Table 5 Pairwise differences of the average ranks of the algorithms*

From this table, it is possible to identify three groups of algorithms with different performance. The best performing group consists of just JPSO, because it obtains the smallest rank which is significantly different from all the other ranks. The remaining groups are, in order, MS + LS and PM, and then MS and EXACT. Considering a significance level 1%, the algorithms within each group have comparable performance according to the Nemenyi test since, in each case, the value of the test statistic is less than the critical difference. Conversely, two algorithms belonging to different groups have significantly different performance according to the Nemenyi test. Summarizing, from the Friedman and Nemenyi statistical tests, JPSO is the best performing algorithm. On the other hand, MS + LS and PM have comparable performance, better than that of MS and EXACT. From this further analysis, the results reinforce the conclusion that JPSO is an effective metaheuristic for the MLSteiner problem.
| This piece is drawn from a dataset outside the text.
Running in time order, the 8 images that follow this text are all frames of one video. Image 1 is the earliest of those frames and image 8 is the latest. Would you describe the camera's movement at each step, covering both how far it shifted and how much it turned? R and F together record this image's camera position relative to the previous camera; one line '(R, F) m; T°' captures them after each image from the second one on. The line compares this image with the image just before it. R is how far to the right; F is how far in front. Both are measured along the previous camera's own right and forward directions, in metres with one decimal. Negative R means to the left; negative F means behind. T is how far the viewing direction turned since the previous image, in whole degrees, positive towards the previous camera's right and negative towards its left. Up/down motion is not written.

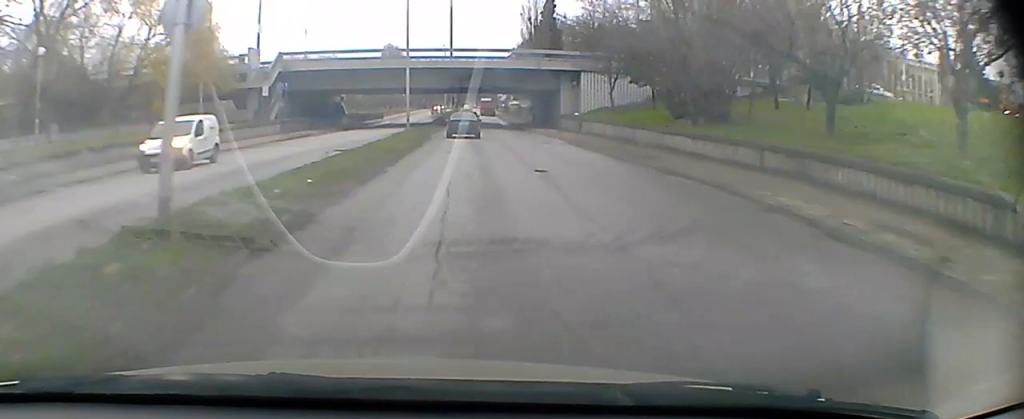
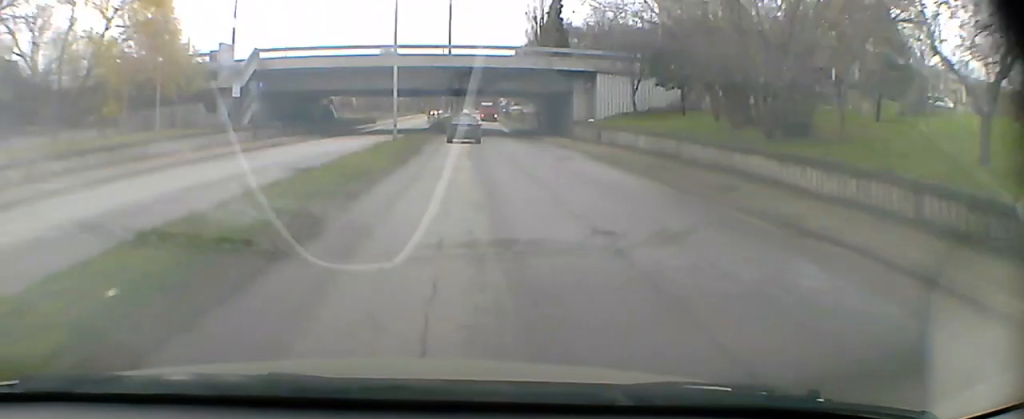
(0.0, +7.6) m; 0°
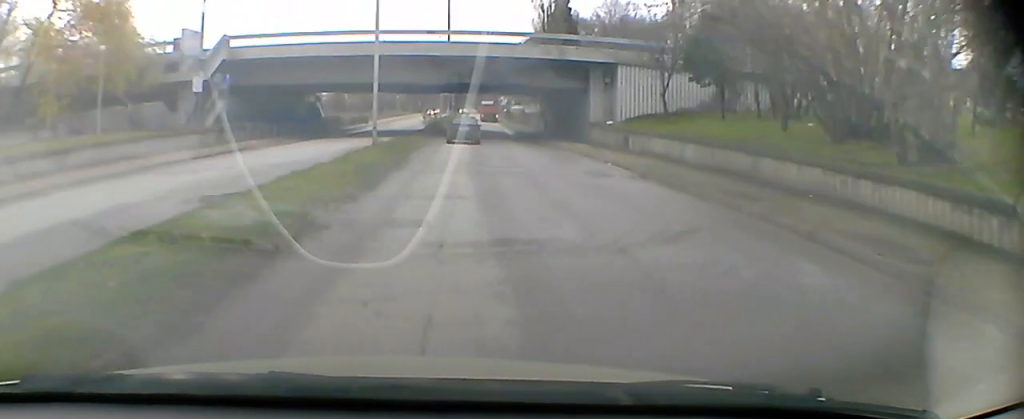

On average, it was the best performing algorithm with respect to solution quality and computational running time.

4 Conclusions

In this work we considered a Discrete Particle Swarm Optimization (DPSO), called Jumping Particle Swarm Optimization (JPSO), for the minimum labelling Steiner tree (MLSteiner) problem (Consoli et al. 2008b). This is a NP-hard graph problem extending the well-known Steiner tree problem, and the minimum labelling spanning tree problem to the case where only a subset of specified nodes, the basic nodes, need to be connected. Considering a wide range of problem instances, JPSO was compared with other algorithms: an exact approach, the Pilot Method (PM) by Cerulli et al. (2006) (the most popular MLSteiner heuristic in the literature), and a basic Multi-Start (MS) technique (with and without an embedded local search). Based on our computational analysis, JPSO clearly outperformed all the other procedures, obtaining high-quality solutions in short computational running times.

An interesting area of future research would be to apply JPSO to other important combinatorial optimization problems such as the Travelling Salesman Problem and Job Shop Scheduling and evaluating its performance with respect to sensitivity to initialisations and parameter settings and also comparing performance with that of other DPSO algorithms.